My feelings towards you is in a clean slate. Like I've said in my previous post I'd honestly like for everyone to move on and stop worrying about the past. You and I both know that we could attempt to bash each other on this thread for hours upon hours but that would not only be useless but it would't serve a positive purpose for any of us here.

If you still have anything against me personally, I sincerely apologize. I'd like for us to leave past things behind and move on as friends.


----------



## shovenose (May 16, 2013)

Alright, let's do it. /threadclose?


----------



## SeriesN (May 16, 2013)

Drama. Drama and Moar drama. Keep it coming lads. At least continue till LET gets back, then we can move all these to let and keep this place Crap free.


----------



## Aldryic C'boas (May 16, 2013)

shovenose said:


> I'm not talking about Jon Biloh from ColoCrossing. I have no issues with him. I'm talking Jon of GreenValueHost, that is who I dislike.


You're not making a very good impression of your own company by trying to drag personal grievances into a public forum, rather than just settling things with him privately.

Just a small bit of advice from someone who has witnessed the consequences of the path you're taking.


----------



## GVH-Jon (May 16, 2013)

shovenose said:


> Alright, let's do it. /threadclose?


I'd like nothing more than for this thread to be closed.
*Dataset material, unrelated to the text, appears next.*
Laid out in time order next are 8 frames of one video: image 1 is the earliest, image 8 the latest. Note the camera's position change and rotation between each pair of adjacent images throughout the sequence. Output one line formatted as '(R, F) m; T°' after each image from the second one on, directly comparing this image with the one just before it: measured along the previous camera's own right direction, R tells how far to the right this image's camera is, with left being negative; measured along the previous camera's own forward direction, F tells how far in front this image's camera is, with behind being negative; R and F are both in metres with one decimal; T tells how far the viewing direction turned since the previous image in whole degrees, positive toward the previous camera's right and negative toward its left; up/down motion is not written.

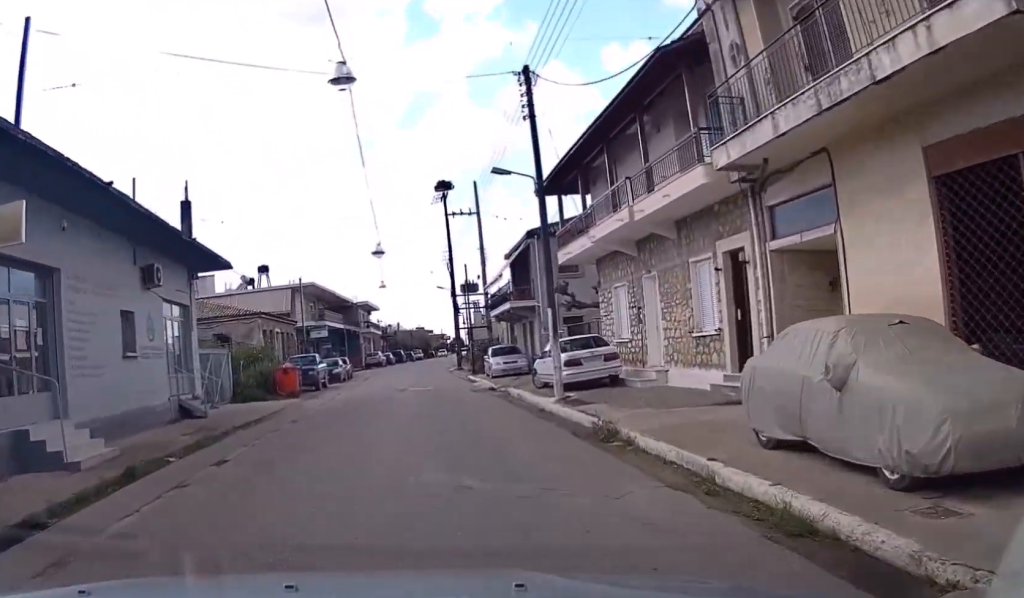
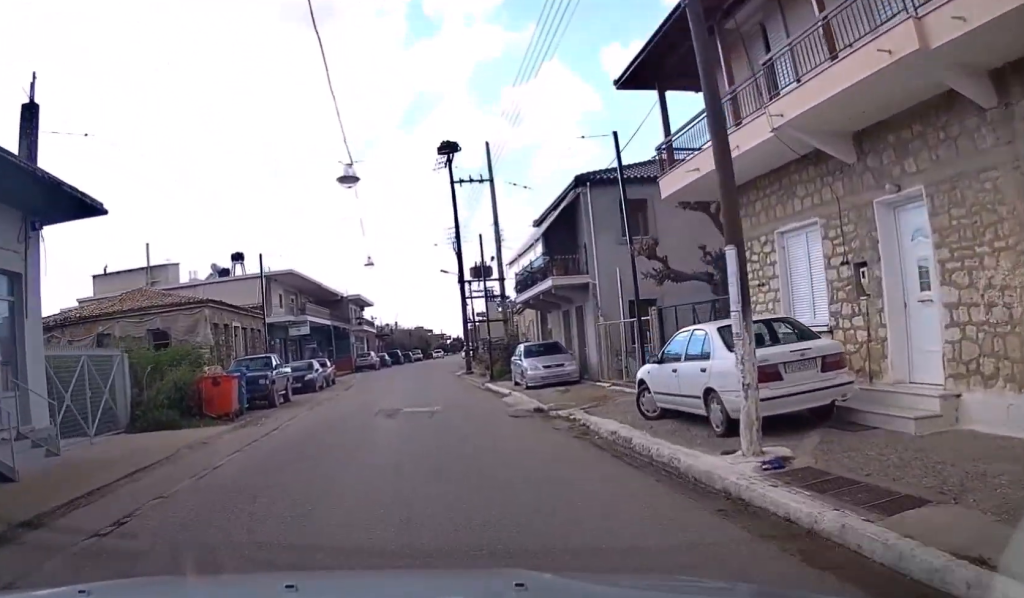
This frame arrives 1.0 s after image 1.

If you'd like we can have a conversation over the phone tomorrow to get everything settled since it's almost midnight here in the east coast.


----------



## shovenose (May 16, 2013)

GVH-Jon said:


> I'd like nothing more than for this thread to be closed.
> 
> If you'd like we can have a conversation over the phone tomorrow to get everything settled since it's almost midnight here in the east coast.


If you want to, you know my number  But I think we're cool.


----------



## Rallias (May 16, 2013)

shovenose said:


> I'm not talking about Jon Biloh from ColoCrossing. I have no issues with him. I'm talking Jon of GreenValueHost, that is who I dislike.


I hereby declare you to be a hypocrite.


----------